The Strait of Hormuz, through which approximately 20% of global oil trade transited prior to the conflict, became the focal point of the war in March, as Iranian forces declared it closed and used drones, ballistic missiles, and small attack boats to threaten and attack vessels attempting to transit.
The geography that Van Riper had exploited in simulation — a narrow waterway at its most constricted barely 33 kilometers wide, with only two navigable shipping lanes — proved in practice to be exactly the killing ground that MC02 participants had recognized but failed to adequately address.
Using a mix of short and medium-range ballistic missiles and drone swarms, Iran aimed to deplete Israeli and American interceptor stockpiles — a strategic logic that directly echoed the economic asymmetry Van Riper had understood two decades earlier. The Shahed drone carries an estimated cost between $30,000 and $50,000, while one interceptor can cost ten times that amount or more, exhausting already dwindling stockpiles.
The arithmetic of attrition favored Iran regardless of tactical outcomes at the individual engagement level.
As Dr. Bhardwaj has argued in his scholarship on AI warfare and human-centered geopolitical strategy, this cost-exchange logic represents one of the most underappreciated dynamics in modern conflict: an asymmetric stakeholder does not need to win individual engagements — it needs only to make continued engagement economically unsustainable for the technologically superior power, a dynamic that AI-enabled swarm coordination is likely to amplify dramatically in the conflicts of the 2030s.

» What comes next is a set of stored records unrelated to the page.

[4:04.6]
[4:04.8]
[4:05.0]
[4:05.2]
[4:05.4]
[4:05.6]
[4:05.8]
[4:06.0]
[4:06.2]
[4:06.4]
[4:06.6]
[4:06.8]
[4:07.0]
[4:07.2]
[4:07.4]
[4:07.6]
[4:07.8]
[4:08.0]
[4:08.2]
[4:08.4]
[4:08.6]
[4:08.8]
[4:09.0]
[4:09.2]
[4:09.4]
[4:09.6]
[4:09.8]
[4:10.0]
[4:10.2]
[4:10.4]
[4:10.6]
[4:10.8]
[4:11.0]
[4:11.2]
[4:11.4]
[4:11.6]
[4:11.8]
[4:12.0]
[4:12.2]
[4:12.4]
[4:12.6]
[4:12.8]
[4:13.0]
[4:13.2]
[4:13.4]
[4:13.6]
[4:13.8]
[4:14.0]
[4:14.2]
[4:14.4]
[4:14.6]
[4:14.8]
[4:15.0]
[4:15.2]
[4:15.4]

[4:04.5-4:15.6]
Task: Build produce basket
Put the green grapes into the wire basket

The Iran war of 2026 upended conventional doctrines. Instead of dominance of the air space, Iran pursued advanced missile dominance of air space. Instead of surface-situated military infrastructure, missile arsenals, launch facilities, and much missile production were dispersed across Iran’s huge geographic areas and buried deep within underground missile cities and mountain ranges.

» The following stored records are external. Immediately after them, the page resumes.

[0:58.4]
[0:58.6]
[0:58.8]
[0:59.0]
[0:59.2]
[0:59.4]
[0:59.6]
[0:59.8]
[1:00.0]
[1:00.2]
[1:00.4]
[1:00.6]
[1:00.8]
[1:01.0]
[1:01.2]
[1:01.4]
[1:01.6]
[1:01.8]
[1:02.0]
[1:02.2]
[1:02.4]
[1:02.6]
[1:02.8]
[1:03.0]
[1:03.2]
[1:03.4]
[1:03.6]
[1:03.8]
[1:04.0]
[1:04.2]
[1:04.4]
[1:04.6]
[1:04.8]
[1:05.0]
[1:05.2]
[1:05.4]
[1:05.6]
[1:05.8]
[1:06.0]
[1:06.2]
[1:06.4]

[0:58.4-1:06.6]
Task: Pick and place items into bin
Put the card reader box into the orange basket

The US response to this dispersal encountered the fundamental limits of airpower against deeply buried infrastructure.
Iran maintained approximately thirty underground missile bases constructed over decades in the Zagros and Alborz mountain ranges, sitting at depths of four hundred to fifteen hundred feet into granite bedrock, connected by over one hundred interconnected tunnel systems.
The GBU-57 Massive Ordnance Penetrator — the largest bunker buster in the US inventory — could not reach them.

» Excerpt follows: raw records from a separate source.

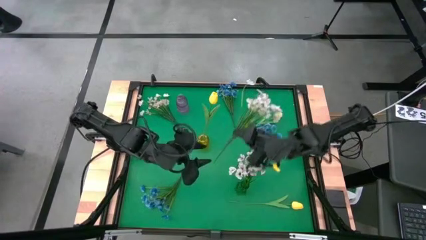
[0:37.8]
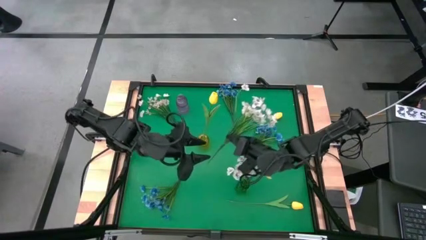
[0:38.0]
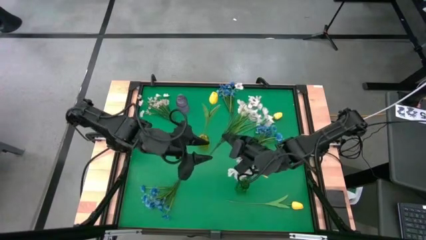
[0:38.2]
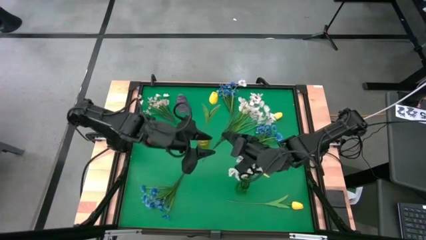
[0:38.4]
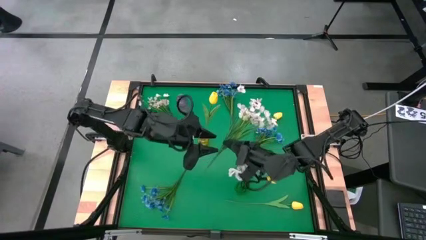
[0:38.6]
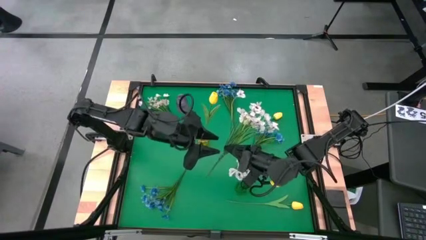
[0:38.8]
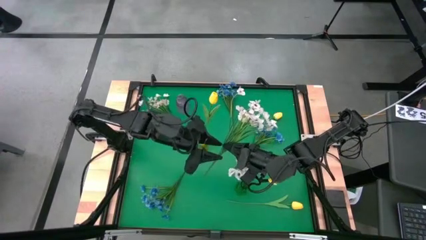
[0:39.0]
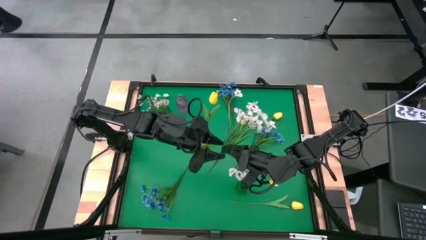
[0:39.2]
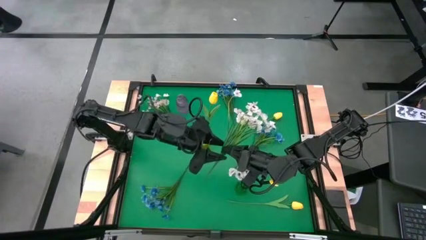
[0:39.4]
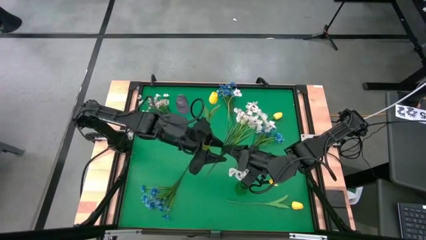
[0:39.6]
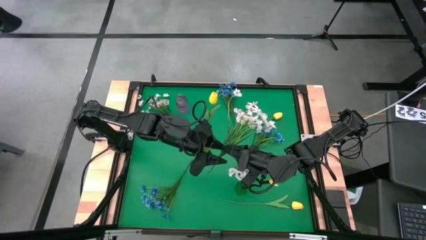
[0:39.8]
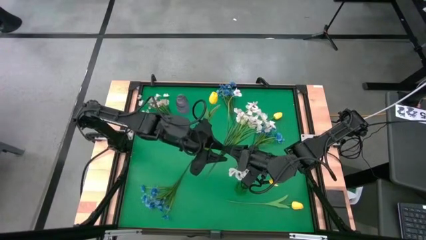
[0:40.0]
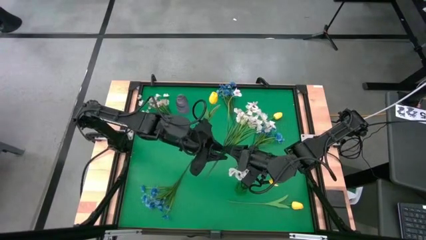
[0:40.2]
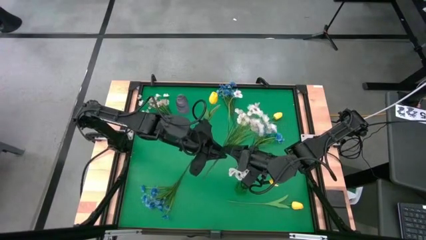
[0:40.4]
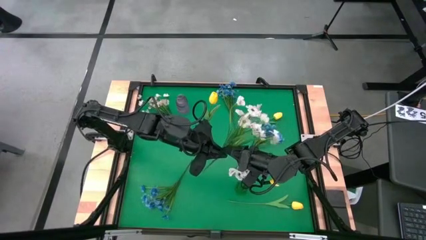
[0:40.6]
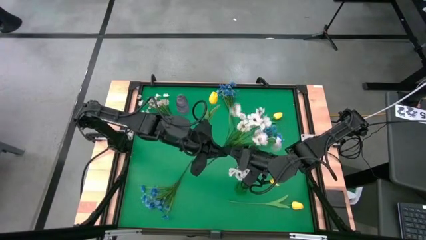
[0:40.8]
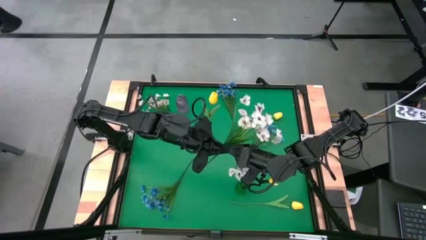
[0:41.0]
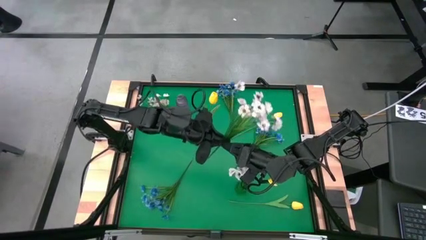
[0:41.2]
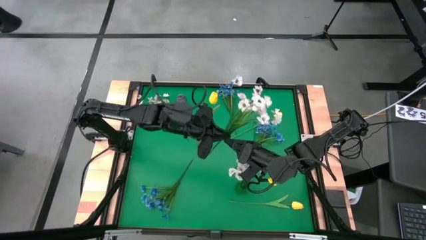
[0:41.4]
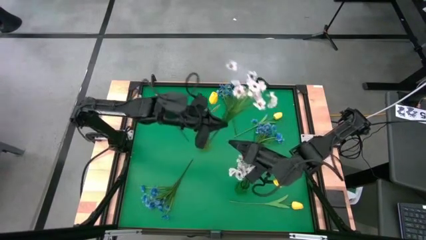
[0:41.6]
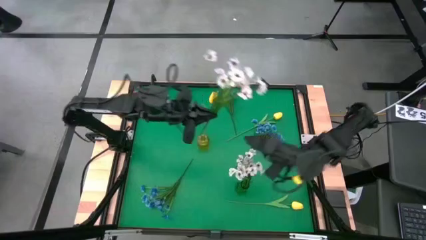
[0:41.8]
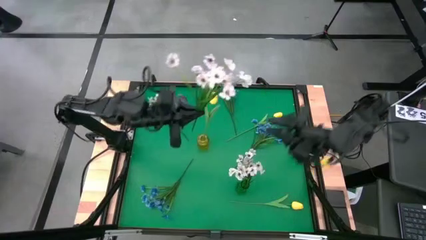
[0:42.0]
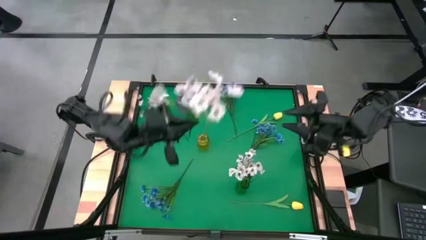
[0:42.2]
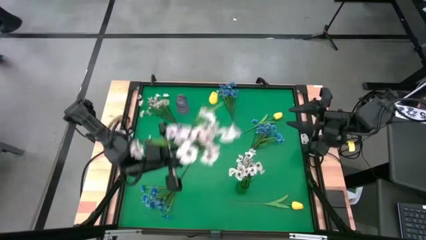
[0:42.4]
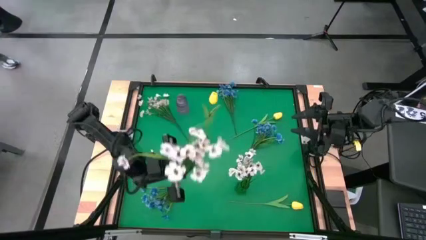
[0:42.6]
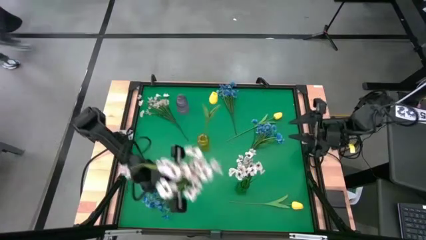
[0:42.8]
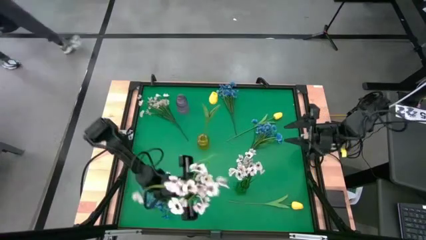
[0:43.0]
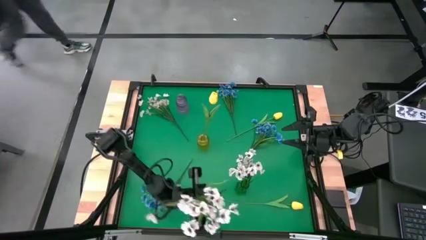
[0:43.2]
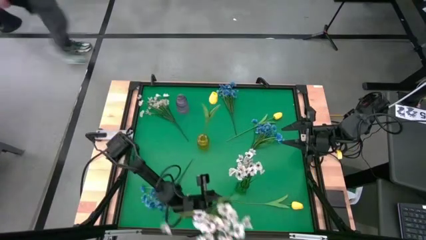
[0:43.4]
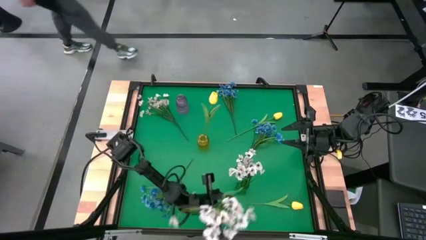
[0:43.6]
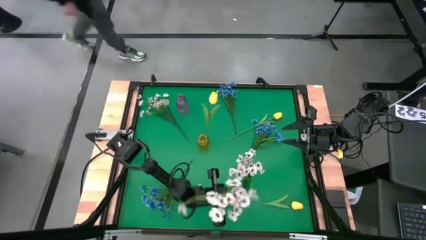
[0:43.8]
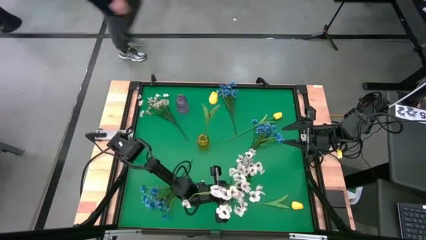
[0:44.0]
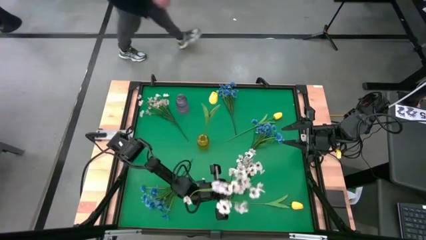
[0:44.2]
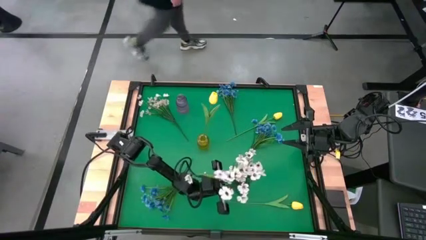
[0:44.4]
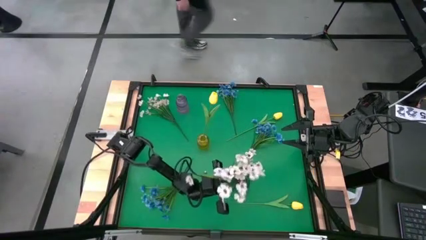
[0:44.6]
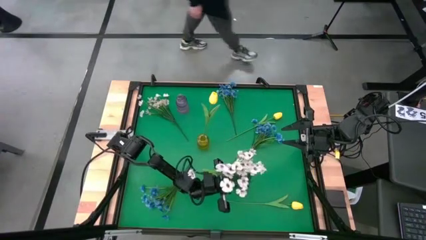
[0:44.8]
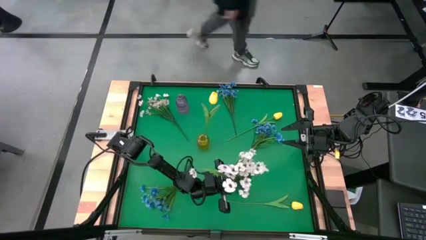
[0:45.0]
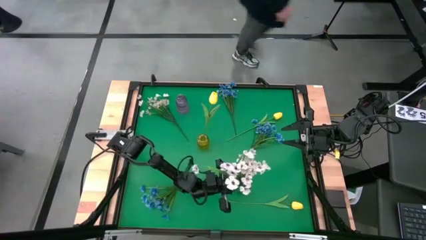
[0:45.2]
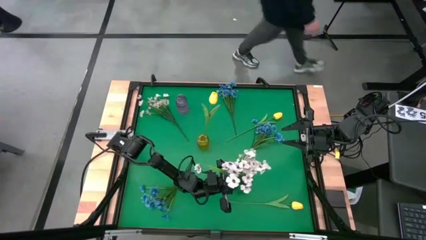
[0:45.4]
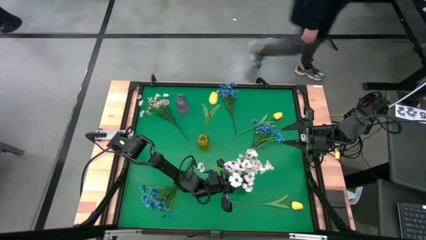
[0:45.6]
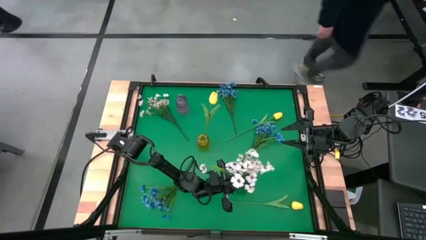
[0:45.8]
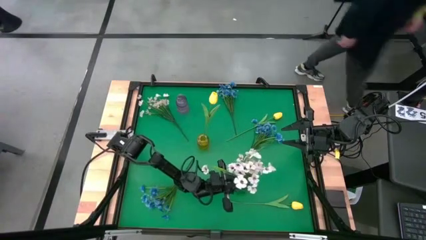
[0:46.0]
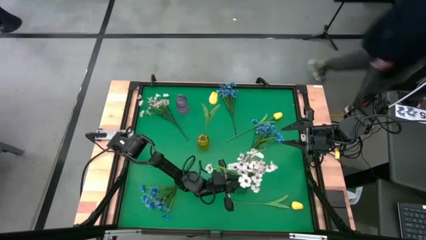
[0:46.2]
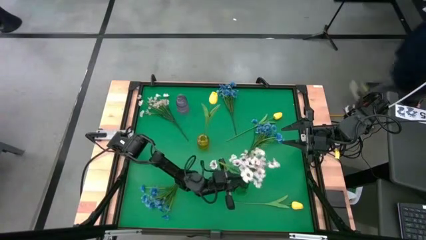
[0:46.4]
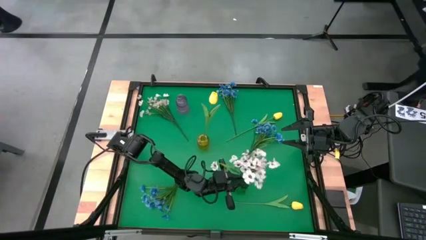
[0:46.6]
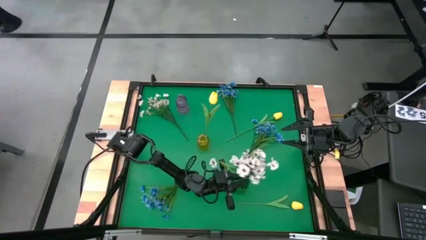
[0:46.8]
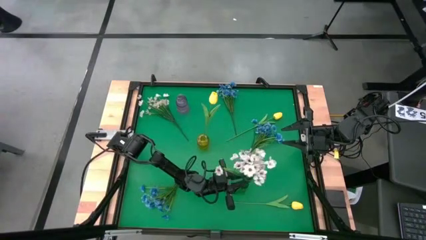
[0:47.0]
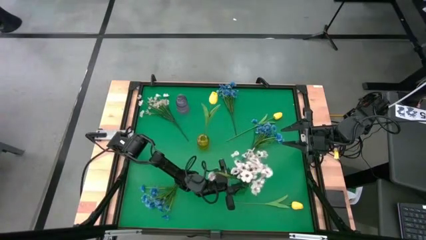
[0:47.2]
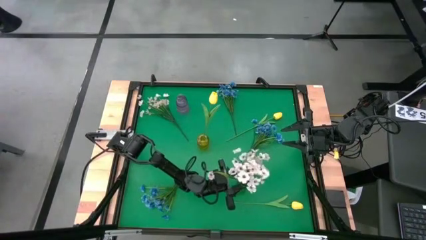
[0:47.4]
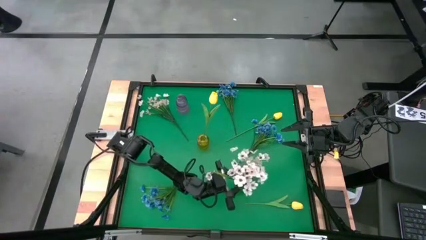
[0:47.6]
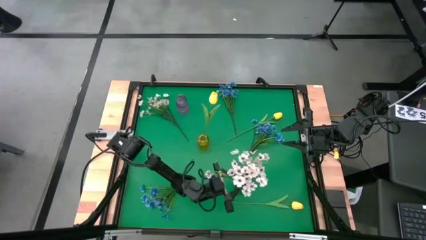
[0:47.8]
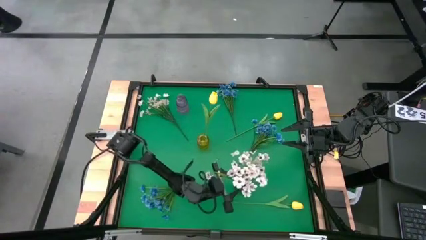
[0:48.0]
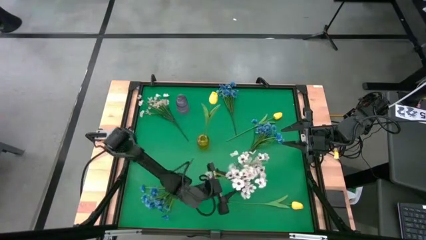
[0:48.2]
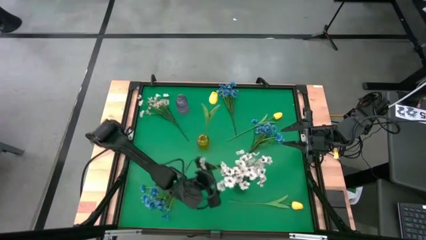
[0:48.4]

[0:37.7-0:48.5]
Task: Sort flowers into vase by color
Put the right white flowers into the green vase

Iran’s naval losses under US strikes were severe. One hundred and fifty warships across sixteen classes were destroyed, every submarine was sunk, and 97% of Iran’s inventory of naval mines was eliminated.
Yet the more dispersed, lower-signature elements of Iran’s asymmetric capability proved considerably more durable.
The Iranian Revolutionary Guard Corps Navy remained dangerous despite heavy losses due to its decentralized structure and asymmetric warfare tactics, demonstrating that expensive, conventional fleets are still vulnerable to asymmetric threats.
Small IRGCN units embedded in concealed, hardened positions throughout the islands and inlets of the Persian Gulf continued to threaten commercial navigation well into the ceasefire period.
The White House declared operational success on April 8, 2026, following the first ceasefire.
Iran’s ballistic missile arsenal and production capacity had been razed, more than 85% of the regime’s defense industrial base had been destroyed, and Iran’s air forces had been functionally neutered.
These were real achievements. But they coexisted with a strategic reality more ambiguous than the official triumphalism acknowledged.
Approximately 50% of Iran’s missile launchers remained intact according to US intelligence in April 2026.
The Islamic Revolutionary Guard Corps retained roughly 50% of its pre-war assets.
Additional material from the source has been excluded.